There are a few ways AI-as-a-service providers can fail. This isn’t an exhaustive list, but it covers the broader categories of failure:
- Complete failure: The AIaaS provider has a complete outage, or the connection between your systems and your provider fails in a way that you can’t route around.
- Latency: You can connect to the provider, but poor network conditions add a significant amount of latency to interactions.
- Certificate expiration: Your provider did not rotate or update its TLS certificates before they expired, resulting in “insecure connection” error messages and failed API calls.
For this blog, we’ll focus on complete failures. The unfortunate tradeoff with cloud services is that you have no control over their reliability. If the service becomes unavailable, you’re stuck until the provider resolves the issue. But while it’s the provider’s responsibility to prevent failure as much as possible, it’s your responsibility to ensure your applications keep working even if the provider is down.
How do you make your AI-powered services more resilient?
The first step is detecting failures when they happen. This usually means adding logic around your API calls to your AI provider.
The circuit breaker technique, for example, is a great example of this. Circuit breakers track the number of attempted calls made to an API. If enough calls fail, the circuit breaker trips, preventing any other calls from being made to the API. After a set time, the circuit breaker allows requests to go through to test whether the API is available, and if the requests succeed, the breaker closes, otherwise, it remains open.
Some provider libraries have built-in error handling logic. For example, OpenAI’s Node.js library has a circuit breaker that retries twice before tripping, times out after 10 minutes (by default), and throws an APIError when it can’t connect. Make sure to check your provider’s SDK before implementing your own error handlers.
Once you’ve detected the error, you can implement alternative routes and fallback mechanisms, such as:
- Redirecting prompts to a different AI provider.
- Answering prompts using cached responses.
- Displaying an error message and asking the user to try again later.
Redirecting requests to a backup AIaaS provider isn’t always possible, especially when your queries require context (e.g. when querying a model that uses retrieval-augmented generation (RAG)). Still, it’s better than not handling users' queries at all or using answers that may be out-of-date.
Making your AI services more reliable with Gremlin
Gremlin lets you test the resiliency of your services by simulating failures in AI-as-a-service dependencies. Instead of waiting for your provider to have an outage, you can use Gremlin to recreate outage conditions, observe how your services respond, and use that information to build resilience.
When you add a service to Gremlin, Gremlin automatically detects the service’s dependencies based on the DNS queries it makes. For each dependency, Gremlin creates three different tests (using the default Gremlin Recommended Test Suite):
- A Failure test, which simulates a network outage.
- A Latency test, which injects 100ms of latency to all network traffic to the dependency.
- A Certificate Expiry test, which checks the dependency’s TLS certificate chain for any certificates expiring in the next 30 days.
For example, let’s use a basic large language model (LLM)-powered chat setup. In this setup, we have AnythingLLM as the chat frontend and Ollama as the LLM engine. These services are running on a Kubernetes cluster in separate deployments. Gremlin natively supports Kubernetes, which means we can run reliability tests on one deployment without impacting the other. This is ideal for testing how AnythingLLM responds to problems with Ollama.
Normally, this works just like you’d expect. You can use AnythingLLM to download models for Ollama and send queries. Ollama will stream the response back to AnythingLLM, where it’s rendered onto the page:
Testing AI dependency failure
Ollama is both a direct dependency and a single point of failure for AnythingLLM. So what happens if Ollama isn’t available? Let’s run a network blackhole experiment and see.
In the Gremlin web app, you can start a one-off experiment by going to Experiments, then + Experiment. Gremlin supports many target types, mainly hosts, containers, and Kubernetes resources. We can directly select AnythingLLM’s Kubernetes deployment, which automatically targets all replicas of the AnythingLLM.

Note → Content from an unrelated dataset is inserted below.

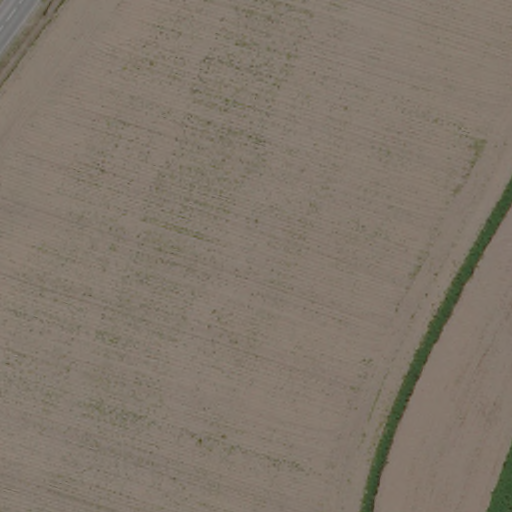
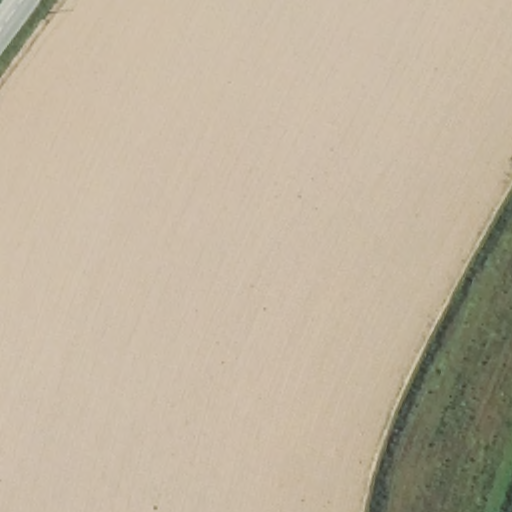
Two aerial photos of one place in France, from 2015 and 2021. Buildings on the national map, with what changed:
[]

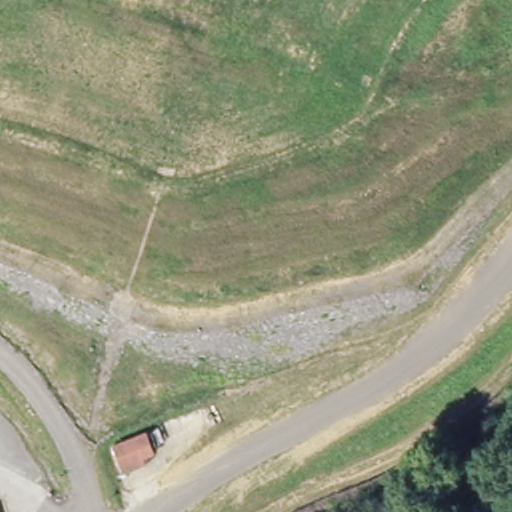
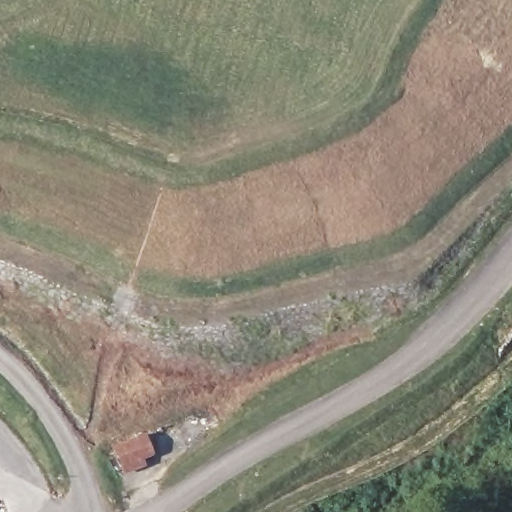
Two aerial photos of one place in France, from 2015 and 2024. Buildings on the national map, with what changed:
unchanged [(143,434),(153,459),(145,461),(148,469),(121,478),(110,449),(143,434)]

Why are we targeting AnythingLLM and not Ollama? We could drop all network traffic to Ollama, but for this experiment, we just want to test the connection between AnythingLLM and Ollama. To do this without impacting any other services that might be using Ollama, we’ll explicitly drop network traffic from AnythingLLM going to Ollama by adding Ollama’s hostname as an experiment parameter. This way, Gremlin only drops traffic from AnythingLLM to http://ollama.ollama. For even greater fine-tuning, we can specify the port Ollama is running on (11434 by default).

Unsurprisingly, AnythingLLM returns an error message when Ollama is unavailable. This is better than timing out or crashing, but it’s not an ideal user experience:

To avoid this in a real-world environment, we could scale up our Ollama deployment to at least two replicas running in at least two different availability zones (AZs). We could then repeat our test, only selecting one AZ instead of the entire deployment. If we’ve configured our cluster correctly, Kubernetes should automatically fall back to the second replica:

Standardizing and running regular outage experiments
We ran a one-off experiment, but what if we want to make this a regular part of our development process? We can use Gremlin’s Reliability Management features to run the test. Reliability Management standardizes experimentation by providing a pre-built suite of tests, which you can run on every service in your environment. It also tracks the results of each test ran on each service to create a reliability score, indicating the service’s overall reliability. This makes it useful not just for regularly running tests, but for finding reliability gaps in your services.

In our case, Gremlin automatically detected AnythingLLM and created a service. It also automatically detected Ollama as a dependency. To start testing, we need to set up a Health Check, an automated check that monitors your service using your observability tooling. In this case, Gremlin is simply querying AnythingLLM for the list of AI providers and models used in the workspace. In a production environment, you should use metrics that accurately represent your system’s stability, like query throughput.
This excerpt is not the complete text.